Гриша поднял с постели Чокана, попробуй-ка сопротивляться. Но Чокан и не сопротивлялся. Он открыл глаза, смутно, будто бы со сна, посмотрел:
— Пусти, Керей!
— И не подумаю.
— Пусти, я спать хочу.
— Не хочешь ты спать, Канаш. Я все знаю. Отец уехал.
Теперь твой дом — наш корпус. Ты его уже знаешь. Пойдем.
Глаза Чокана стали узкими, злыми. Он ничего не ответил.
— Может, ты решил учиться у нас, а жить здесь?
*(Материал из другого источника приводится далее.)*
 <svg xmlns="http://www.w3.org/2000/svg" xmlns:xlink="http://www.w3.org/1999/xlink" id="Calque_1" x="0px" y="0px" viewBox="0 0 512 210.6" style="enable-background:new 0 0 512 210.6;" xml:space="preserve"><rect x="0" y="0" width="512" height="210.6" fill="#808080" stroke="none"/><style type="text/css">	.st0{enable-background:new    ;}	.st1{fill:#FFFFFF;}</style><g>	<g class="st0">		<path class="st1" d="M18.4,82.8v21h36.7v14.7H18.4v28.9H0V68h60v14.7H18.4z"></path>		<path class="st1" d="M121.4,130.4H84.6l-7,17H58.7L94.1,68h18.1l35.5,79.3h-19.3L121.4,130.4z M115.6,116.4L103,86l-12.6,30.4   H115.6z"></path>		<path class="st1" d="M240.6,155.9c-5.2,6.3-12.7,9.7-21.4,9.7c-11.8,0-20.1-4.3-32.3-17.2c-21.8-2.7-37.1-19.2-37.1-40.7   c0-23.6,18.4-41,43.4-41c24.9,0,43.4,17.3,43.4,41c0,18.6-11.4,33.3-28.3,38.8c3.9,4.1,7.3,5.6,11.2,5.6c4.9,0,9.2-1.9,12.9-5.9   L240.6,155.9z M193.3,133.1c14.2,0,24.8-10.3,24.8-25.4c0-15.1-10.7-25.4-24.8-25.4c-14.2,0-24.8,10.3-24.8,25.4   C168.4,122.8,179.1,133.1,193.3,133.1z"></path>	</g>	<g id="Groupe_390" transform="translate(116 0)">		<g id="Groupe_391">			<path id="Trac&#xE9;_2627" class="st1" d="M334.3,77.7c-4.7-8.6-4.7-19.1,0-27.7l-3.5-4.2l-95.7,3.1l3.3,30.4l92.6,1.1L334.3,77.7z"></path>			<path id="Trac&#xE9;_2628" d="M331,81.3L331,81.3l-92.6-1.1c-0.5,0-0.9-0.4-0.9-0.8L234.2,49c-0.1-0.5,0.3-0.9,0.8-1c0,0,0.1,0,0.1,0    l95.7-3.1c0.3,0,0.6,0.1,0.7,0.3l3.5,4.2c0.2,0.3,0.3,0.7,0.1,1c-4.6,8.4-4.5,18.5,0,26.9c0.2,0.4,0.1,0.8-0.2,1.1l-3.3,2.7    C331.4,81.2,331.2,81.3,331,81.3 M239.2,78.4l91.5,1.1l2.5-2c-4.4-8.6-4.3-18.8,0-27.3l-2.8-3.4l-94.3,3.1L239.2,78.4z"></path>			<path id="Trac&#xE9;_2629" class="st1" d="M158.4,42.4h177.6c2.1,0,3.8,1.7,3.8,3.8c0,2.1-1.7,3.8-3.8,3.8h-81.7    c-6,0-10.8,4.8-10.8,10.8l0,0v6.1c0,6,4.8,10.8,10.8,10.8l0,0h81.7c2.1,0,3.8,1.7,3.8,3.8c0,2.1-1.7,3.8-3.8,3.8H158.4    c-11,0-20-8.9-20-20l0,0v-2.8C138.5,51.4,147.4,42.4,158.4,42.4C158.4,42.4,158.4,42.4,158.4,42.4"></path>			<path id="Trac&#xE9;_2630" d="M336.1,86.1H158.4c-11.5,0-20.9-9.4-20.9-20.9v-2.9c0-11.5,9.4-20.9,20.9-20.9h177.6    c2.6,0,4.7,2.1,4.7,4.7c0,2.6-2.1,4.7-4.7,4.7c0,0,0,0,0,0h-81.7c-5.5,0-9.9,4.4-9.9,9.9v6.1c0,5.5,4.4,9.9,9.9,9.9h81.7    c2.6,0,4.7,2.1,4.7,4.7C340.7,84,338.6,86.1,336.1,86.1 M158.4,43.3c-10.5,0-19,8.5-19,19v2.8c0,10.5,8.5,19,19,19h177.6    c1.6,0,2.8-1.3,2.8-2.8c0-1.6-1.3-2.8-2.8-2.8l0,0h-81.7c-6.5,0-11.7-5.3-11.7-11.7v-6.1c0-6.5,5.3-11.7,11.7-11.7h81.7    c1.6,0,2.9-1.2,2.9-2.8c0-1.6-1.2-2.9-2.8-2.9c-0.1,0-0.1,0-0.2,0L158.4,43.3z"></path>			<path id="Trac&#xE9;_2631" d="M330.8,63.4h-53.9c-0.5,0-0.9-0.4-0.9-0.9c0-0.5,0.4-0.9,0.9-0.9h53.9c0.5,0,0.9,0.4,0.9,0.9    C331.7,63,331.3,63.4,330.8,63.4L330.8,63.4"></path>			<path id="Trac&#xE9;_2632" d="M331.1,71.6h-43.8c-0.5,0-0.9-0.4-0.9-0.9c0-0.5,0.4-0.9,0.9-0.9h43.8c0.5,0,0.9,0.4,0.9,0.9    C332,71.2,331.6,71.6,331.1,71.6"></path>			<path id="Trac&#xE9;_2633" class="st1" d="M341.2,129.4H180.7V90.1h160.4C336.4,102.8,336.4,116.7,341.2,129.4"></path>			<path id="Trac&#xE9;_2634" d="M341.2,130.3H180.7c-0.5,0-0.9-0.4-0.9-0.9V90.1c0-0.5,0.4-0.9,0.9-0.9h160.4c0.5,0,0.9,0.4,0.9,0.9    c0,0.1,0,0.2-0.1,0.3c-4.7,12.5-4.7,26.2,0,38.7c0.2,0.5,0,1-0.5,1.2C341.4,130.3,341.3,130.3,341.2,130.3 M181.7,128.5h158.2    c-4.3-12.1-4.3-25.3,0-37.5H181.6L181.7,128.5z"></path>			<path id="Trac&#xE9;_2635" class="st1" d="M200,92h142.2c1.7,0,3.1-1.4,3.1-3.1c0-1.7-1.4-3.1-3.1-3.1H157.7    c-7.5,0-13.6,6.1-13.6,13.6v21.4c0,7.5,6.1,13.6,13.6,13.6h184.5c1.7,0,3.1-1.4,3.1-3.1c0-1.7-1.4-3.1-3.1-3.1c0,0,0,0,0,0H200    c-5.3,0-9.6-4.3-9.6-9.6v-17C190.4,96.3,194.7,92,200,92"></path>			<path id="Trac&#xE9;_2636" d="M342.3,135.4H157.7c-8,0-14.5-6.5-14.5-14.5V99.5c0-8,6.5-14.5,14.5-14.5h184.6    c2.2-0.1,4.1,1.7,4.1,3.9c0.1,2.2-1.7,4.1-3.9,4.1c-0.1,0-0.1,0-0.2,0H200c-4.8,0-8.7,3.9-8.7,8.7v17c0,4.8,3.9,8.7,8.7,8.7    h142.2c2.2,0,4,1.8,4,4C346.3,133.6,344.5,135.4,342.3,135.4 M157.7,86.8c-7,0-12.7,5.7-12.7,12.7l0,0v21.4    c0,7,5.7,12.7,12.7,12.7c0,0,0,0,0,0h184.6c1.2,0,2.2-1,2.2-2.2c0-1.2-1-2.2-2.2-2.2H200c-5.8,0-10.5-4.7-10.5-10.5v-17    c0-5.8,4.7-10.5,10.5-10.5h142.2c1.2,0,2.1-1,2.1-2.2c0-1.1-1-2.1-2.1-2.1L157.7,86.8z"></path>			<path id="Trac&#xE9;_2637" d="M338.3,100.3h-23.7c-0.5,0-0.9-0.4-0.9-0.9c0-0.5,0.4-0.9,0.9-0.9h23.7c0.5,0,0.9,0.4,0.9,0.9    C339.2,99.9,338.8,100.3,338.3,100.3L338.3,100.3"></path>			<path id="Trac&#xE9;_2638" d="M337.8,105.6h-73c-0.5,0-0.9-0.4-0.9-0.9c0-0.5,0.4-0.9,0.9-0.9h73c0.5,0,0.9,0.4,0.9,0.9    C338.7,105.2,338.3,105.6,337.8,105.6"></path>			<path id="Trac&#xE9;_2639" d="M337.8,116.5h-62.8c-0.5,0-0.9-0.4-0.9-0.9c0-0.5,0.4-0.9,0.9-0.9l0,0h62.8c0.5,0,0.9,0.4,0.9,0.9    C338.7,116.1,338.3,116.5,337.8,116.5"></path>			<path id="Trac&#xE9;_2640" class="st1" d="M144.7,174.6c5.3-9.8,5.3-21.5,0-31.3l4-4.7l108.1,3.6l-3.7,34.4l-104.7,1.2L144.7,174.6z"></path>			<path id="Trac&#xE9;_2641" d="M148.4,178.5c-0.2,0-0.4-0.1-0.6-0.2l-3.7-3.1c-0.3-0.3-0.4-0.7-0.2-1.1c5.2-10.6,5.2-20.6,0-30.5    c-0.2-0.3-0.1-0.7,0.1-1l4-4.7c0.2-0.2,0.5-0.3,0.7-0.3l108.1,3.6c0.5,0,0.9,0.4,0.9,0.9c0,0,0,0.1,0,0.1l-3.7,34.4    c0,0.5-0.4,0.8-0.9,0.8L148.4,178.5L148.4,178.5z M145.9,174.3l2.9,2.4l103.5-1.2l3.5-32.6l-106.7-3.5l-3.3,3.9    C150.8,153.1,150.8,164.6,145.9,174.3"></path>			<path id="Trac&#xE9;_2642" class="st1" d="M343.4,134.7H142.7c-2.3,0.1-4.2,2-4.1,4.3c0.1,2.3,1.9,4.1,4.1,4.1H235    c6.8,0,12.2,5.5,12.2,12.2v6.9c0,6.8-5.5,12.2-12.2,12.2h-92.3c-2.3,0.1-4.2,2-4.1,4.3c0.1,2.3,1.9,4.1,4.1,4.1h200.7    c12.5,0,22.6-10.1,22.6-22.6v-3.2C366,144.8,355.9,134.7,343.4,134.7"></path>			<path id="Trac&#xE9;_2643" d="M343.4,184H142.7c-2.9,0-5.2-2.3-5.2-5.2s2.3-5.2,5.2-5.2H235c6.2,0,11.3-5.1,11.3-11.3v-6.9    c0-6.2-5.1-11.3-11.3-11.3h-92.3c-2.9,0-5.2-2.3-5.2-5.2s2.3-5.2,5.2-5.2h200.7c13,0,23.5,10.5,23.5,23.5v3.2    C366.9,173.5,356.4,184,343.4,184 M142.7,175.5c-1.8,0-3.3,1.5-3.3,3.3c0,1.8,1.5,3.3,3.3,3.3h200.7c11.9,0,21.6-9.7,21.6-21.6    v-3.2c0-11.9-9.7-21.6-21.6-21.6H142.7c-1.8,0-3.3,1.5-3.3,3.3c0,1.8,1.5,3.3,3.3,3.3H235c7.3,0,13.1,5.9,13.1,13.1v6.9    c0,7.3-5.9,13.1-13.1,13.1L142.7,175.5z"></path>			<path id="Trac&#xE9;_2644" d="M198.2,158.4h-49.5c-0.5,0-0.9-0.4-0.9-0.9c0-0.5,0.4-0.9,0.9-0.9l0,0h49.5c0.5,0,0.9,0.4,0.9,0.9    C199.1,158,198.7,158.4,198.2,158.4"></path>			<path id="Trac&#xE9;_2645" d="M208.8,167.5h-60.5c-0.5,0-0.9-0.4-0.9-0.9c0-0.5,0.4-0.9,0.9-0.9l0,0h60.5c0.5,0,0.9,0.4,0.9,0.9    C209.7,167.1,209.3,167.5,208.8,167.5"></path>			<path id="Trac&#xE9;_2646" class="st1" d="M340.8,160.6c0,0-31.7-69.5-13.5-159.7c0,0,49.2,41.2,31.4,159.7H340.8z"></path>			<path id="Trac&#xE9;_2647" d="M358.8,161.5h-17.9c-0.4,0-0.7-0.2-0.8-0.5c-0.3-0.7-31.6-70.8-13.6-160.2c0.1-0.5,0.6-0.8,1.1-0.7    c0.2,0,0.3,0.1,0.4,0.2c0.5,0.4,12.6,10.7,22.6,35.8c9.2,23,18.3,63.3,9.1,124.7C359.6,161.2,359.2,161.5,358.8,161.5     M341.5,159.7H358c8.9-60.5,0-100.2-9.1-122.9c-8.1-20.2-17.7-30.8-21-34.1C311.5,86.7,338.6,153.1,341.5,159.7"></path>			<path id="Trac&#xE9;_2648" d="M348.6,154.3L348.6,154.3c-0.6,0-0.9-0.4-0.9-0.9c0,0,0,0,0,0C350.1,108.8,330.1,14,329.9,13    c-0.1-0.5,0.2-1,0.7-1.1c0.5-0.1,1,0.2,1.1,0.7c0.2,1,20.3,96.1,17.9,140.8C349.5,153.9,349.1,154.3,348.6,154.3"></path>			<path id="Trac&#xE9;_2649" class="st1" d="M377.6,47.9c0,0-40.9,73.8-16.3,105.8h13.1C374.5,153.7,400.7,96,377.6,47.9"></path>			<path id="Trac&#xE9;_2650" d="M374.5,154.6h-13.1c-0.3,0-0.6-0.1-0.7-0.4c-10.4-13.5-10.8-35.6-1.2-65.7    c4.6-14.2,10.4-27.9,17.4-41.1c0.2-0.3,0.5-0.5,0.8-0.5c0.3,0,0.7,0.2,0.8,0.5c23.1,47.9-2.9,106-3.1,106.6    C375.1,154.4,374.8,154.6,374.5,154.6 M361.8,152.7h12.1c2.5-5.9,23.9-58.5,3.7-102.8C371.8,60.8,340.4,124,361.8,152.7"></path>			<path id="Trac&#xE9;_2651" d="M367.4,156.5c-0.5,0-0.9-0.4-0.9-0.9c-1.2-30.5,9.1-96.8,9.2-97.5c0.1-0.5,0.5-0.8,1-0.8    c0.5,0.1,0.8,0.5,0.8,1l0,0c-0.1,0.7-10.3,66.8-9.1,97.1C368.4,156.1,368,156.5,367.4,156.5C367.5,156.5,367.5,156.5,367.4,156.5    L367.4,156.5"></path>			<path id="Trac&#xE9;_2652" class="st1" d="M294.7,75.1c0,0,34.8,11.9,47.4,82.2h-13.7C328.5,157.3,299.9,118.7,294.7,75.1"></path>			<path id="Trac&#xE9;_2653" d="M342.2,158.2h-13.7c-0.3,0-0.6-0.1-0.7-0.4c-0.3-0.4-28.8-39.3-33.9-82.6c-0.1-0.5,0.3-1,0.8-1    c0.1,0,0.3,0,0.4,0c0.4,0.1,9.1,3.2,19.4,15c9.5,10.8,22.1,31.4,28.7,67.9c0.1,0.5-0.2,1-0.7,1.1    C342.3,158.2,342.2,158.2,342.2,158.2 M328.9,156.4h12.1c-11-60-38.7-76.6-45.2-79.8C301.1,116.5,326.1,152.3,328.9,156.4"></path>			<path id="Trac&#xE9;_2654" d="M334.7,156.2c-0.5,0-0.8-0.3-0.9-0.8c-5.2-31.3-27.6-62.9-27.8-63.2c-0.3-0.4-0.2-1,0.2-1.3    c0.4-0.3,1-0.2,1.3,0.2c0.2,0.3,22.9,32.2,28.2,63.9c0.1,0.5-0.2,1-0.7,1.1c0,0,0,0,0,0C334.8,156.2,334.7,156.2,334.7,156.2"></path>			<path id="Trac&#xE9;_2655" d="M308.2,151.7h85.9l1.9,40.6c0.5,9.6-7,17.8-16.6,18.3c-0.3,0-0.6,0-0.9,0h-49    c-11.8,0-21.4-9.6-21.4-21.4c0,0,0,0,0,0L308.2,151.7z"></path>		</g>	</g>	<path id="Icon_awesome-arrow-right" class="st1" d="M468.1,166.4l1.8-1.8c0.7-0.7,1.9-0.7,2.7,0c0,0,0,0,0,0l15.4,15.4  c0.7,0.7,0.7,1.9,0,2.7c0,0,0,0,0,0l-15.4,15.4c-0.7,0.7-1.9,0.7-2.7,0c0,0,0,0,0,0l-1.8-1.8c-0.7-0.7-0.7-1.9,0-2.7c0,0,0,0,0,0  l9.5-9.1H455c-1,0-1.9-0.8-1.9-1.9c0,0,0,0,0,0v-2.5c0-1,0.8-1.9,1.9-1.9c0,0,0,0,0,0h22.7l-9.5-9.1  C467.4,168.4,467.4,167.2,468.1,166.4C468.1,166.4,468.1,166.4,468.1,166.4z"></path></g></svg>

Чокан вспомнил вчерашние слова Гриши, оброненные им как бы невзначай. Потанин умел замечать многое, недоступное другим мальчишкам, и был порядочным сквернословом, как, впрочем, и все казачата. Так он сказал о Варваре, что та неспроста обхаживает молодых джигитов, принимает их на постой, кормит, холит. А потом, как привяжется, тошно джигиту будет! Вот и сейчас с умыслом, с насмешкой Гриша повторил:
— Значит, ты решил учиться у нас, а жить у нее? Что ж, дело твое. Самому потом худо будет.
Чокан вчера пропустил мимо ушей намеки Григория, а сегодня оскорбился:
— Пусти меня, Керей. И можешь идти своей дорогой.
— Не оставлю я тебя, Канаш. Не оставлю. Вот устроишься ты, будет все в порядке, тогда поступай как знаешь.
— Уходи, говорю тебе.
— А если не уйду? — Гриша уже думал свести все к шутке, а получалась настоящая ссора.
— Если не уйдешь, пожалеешь. — Чокан сжимал кулаки, готовый подраться хоть сейчас.
Им овладевала злость. Такая же неожиданная и яростная, как у отца. Злость, распалявшая глаза его прадеда Аблая, о которой знали не только в Орде и аулах, но и в казачьих станицах.
— Что с тобой случилось, Канаш?
— Керей, не уйдешь значит? — Чокан выругался и хотел броситься на Гришу. Но он уже был за дверью комнаты, и Чокан не стал его догонять.
Гриша бежал не потому, что был трусливым. Он просто не хотел шума и драки. Из-за чепухи может кончиться дружба. Он не погнушался еще раз поговорить с Варварой.